Ticketmaster, Live Nation agree to merger
Two U.S. entertainment giants, Ticketmaster and Live Nation, announced an agreement to join forces Tuesday in an all-stock merger worth $2.5 billion.
Under the agreement, Ticketmaster shareholders would receive 1.384 shares of Live Nation common stock for each Ticketmaster share they own, the companies said in a joint statement. The swap would allow shareholders from each company to each own about 50 percent of the combined company.
The merger, likely to provoke antitrust scrutiny, comes less than two months after the companies severed ties. At the time, Live Nation said it would start its own ticket-selling business.
It was less than two months ago that Ticketmaster ended its 10-year partnership with Live Nation, and I’m extremely glad we could reunite with this combination, Ticketmaster Entertainment Chairman Barry Diller said.
He said the merger would
allow the companies to get through this difficult period.

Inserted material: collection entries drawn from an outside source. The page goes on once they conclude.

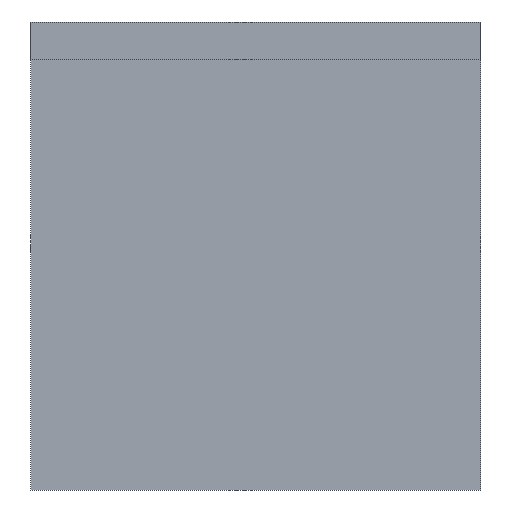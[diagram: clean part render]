
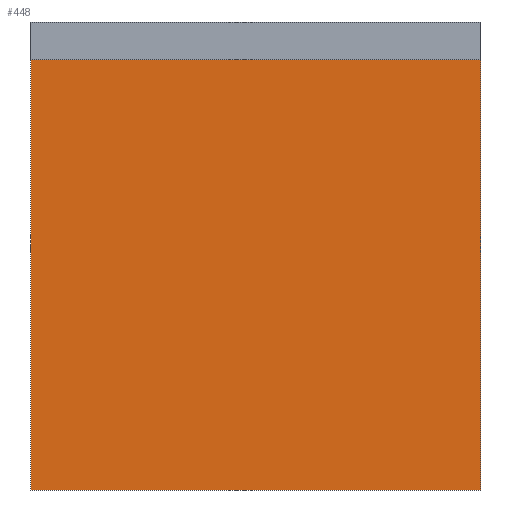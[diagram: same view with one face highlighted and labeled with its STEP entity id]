
A CAD part, front view. The second image highlights one B-rep face of the part: STEP entity #448.
In plain terms, the highlighted planar face has unit normal (0, -1, 0).
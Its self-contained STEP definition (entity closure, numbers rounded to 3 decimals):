
#241=CARTESIAN_POINT('Line Origine',(247.118,0.,-1.)) ;
#245=CARTESIAN_POINT('Vertex',(247.118,0.,23.)) ;
#247=CARTESIAN_POINT('Vertex',(247.118,0.,-25.)) ;
#328=CARTESIAN_POINT('Line Origine',(222.118,0.,-25.)) ;
#332=CARTESIAN_POINT('Vertex',(197.118,0.,-25.)) ;
#406=CARTESIAN_POINT('Line Origine',(197.118,0.,-1.)) ;
#410=CARTESIAN_POINT('Vertex',(197.118,0.,23.)) ;
#432=CARTESIAN_POINT('Axis2P3D Location',(0.,0.,0.)) ;
#437=CARTESIAN_POINT('Line Origine',(222.118,0.,23.)) ;
#243=VECTOR('Line Direction',#242,1.) ;
#330=VECTOR('Line Direction',#329,1.) ;
#408=VECTOR('Line Direction',#407,1.) ;
#439=VECTOR('Line Direction',#438,1.) ;
#242=DIRECTION('Vector Direction',(0.,0.,1.)) ;
#329=DIRECTION('Vector Direction',(1.,0.,0.)) ;
#407=DIRECTION('Vector Direction',(0.,0.,-1.)) ;
#433=DIRECTION('Axis2P3D Direction',(0.,1.,0.)) ;
#434=DIRECTION('Axis2P3D XDirection',(-1.,0.,0.)) ;
#438=DIRECTION('Vector Direction',(1.,0.,0.)) ;
#435=AXIS2_PLACEMENT_3D('Plane Axis2P3D',#432,#433,#434) ;
#244=LINE('Line',#241,#243) ;
#331=LINE('Line',#328,#330) ;
#409=LINE('Line',#406,#408) ;
#440=LINE('Line',#437,#439) ;
#436=PLANE('',#435) ;
#249=EDGE_CURVE('',#246,#248,#244,.F.) ;
#334=EDGE_CURVE('',#248,#333,#331,.F.) ;
#412=EDGE_CURVE('',#333,#411,#409,.F.) ;
#441=EDGE_CURVE('',#411,#246,#440,.T.) ;
#443=ORIENTED_EDGE('',*,*,#441,.F.) ;
#444=ORIENTED_EDGE('',*,*,#412,.F.) ;
#445=ORIENTED_EDGE('',*,*,#334,.F.) ;
#446=ORIENTED_EDGE('',*,*,#249,.F.) ;
#442=EDGE_LOOP('',(#443,#444,#445,#446)) ;
#246=VERTEX_POINT('',#245) ;
#248=VERTEX_POINT('',#247) ;
#333=VERTEX_POINT('',#332) ;
#411=VERTEX_POINT('',#410) ;
#448=ADVANCED_FACE('Body.3',(#447),#436,.F.) ;
#447=FACE_OUTER_BOUND('',#442,.T.) ;

The statement said the operating synergies would save $40 million by combining marketing, ticketing and back-office functions.
Live Nation Chief Executive Officer Michael Rapino said the move would provide
measurable benefits to consumers.
Analysts who predicted the deal would come about have said the merger of such large venue and ticket-selling businesses could control ticket prices and performer fees.